Orlando Magic President Pat Williams has been in the NBA for 46 years, and the Draft Lottery is still the most dramatic event with which he’s ever been involved.

“It’s the most nerve-racking, tension-filled event that I’ve ever been a part of,” Williams said on The Morning Show. “More so than any games. More so than the draft itself.”

And no, that’s not hyperbole.

“In the draft itself, you know what’s going to happen,” Williams explained. “You’ve got a pretty good idea. Teams talk to each other.”

But sitting there powerless and pondering ping-pong possibilities? Terrifying.

“You’re sitting there at the mercy of all of this,” Williams said. “You have no control. None. Zero.”

And the entire future of your franchise could hinge on it. Need proof? Look no further than San Antonio, which has used its draft-lottery winnings to take David Robinson and Tim Duncan.

Williams called Gregg Popovoch a “fine coach,” but added, “he was not a genius until those two guys came along.”

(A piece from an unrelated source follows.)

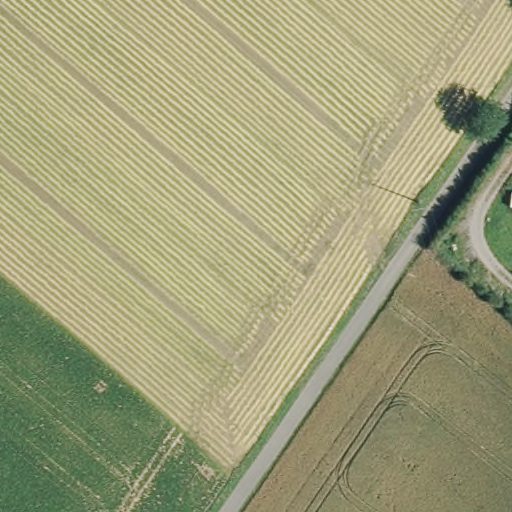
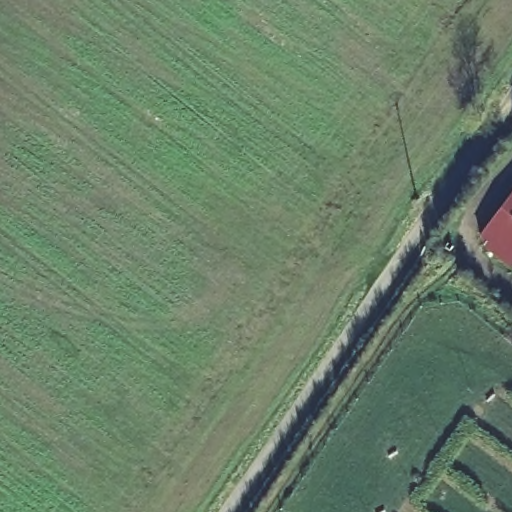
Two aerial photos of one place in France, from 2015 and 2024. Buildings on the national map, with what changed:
new [(512,196),(512,267),(508,271),(477,242),(499,211),(512,196)]

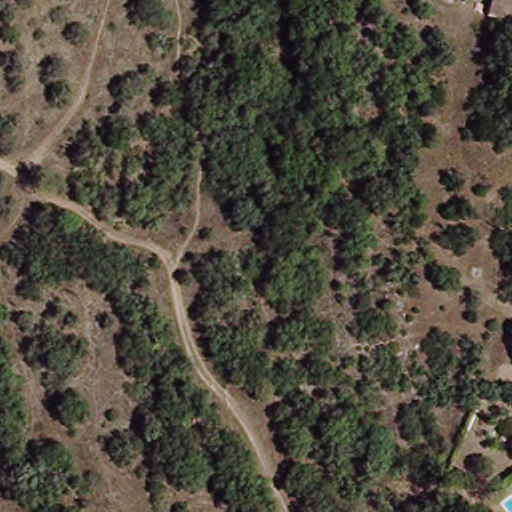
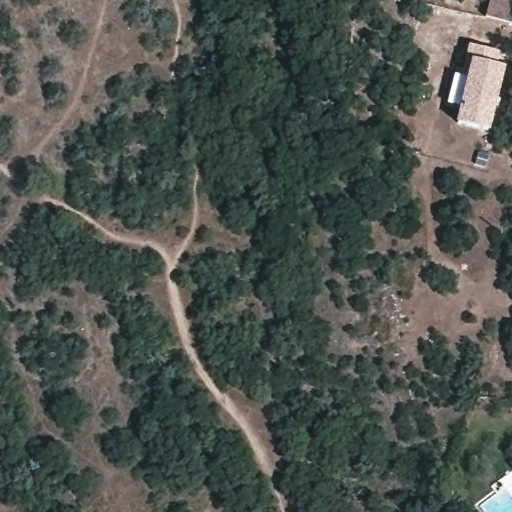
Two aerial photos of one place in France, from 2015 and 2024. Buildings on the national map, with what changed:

“For 20 years, San Antonio has ridden the Robinson/Duncan thing based on the excitement and the adventure of winning those lotteries when they had two great big men coming along,” Williams said. “And you can’t always make that call. Many years you win it and there’s not a dominant player.”

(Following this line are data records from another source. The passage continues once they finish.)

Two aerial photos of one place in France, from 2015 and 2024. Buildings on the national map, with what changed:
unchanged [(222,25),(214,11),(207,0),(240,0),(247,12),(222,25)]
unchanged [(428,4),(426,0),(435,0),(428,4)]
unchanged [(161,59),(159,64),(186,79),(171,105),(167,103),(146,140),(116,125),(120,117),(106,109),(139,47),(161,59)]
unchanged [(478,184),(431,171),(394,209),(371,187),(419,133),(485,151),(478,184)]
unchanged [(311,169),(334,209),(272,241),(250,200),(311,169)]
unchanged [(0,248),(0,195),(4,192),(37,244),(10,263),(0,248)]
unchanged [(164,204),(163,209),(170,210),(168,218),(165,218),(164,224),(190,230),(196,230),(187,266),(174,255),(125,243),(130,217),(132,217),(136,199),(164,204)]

Michael Olowokandi. Kwame Brown. The list goes on.

“There have been some picks that just didn’t get it done for you,” Williams said.

But not for San Antonio.

“Gregg Popovich goes to the Hall of Fame because two ping-pong balls bounced the right way in the right year,” Williams observed.

Looking at this year’s lottery, the Magic did okay for themselves, collecting picks 4 and 12. Williams predicts that Cleveland, which had just a 1.7 percent chance of getting the first overall pick, will take Joel Embiid, with Milwaukee taking Jabari Parker second. He also thinks that Philadelphia will take Andrew Wiggins third and pair him in the backcourt with Michael Carter-Williams “for the next decade or so.”

“That’ll be a handful,” Williams said.

Orlando has always made great use of the first overall pick, which it has had three times. The Magic took Shaquille O’Neal in 1992, Chris Webber in 1993 and Dwight Howard in 2004. Webber was immediately sent to Golden State for Penny Hardaway.

“Our fans were ballistically angry,” Williams recalled.

Williams said that the Magic had decided to take Webber but received a phone call from Hardaway the day before the draft. “I get the feeling you’re not going to take me, but you should,” Williams remembered Hardaway saying. “I will do whatever you want to be your pick.”

So Hardaway flew to Orlando and worked out for the Magic. He hit a game-winning three in a scrimmage and looked at Williams and others as if to say, Is there anything else you’d like to see?

Orlando, however, took Webber – and promptly traded him for Hardaway and three future first-round picks.

Not too shabby.

Williams, 74, was also asked about his relationship with Donald Sterling.

“From the beginning, Donald has been a handful – just the way he’s handled himself, the way he’s run his club,” Williams said. “Don’t lose sight of the fact that for decades, the Clippers were just inept – seemingly with no plan. They just were inept. They never could get over that. And in the process, Donald could be just so cruel to people.”

Williams stands by Adam Silver’s decision to fine Sterling and try to force him to sell his franchise.

“Adam Silver had no choice,” Williams said. “First of all, his players were absolutely going to rebel. Everybody in America was stunned and shocked. The organization was traumatized. And in a league that’s 80 percent African-American, you just can’t stand for that.”

Williams saw Silver at the draft lottery Tuesday and told him he’s doing a remarkable job. Silver said thank you.

“He stepped in here as a leader very early with some very bold decisions that he’s had to make,” Williams said. “And he’s holding firm here.”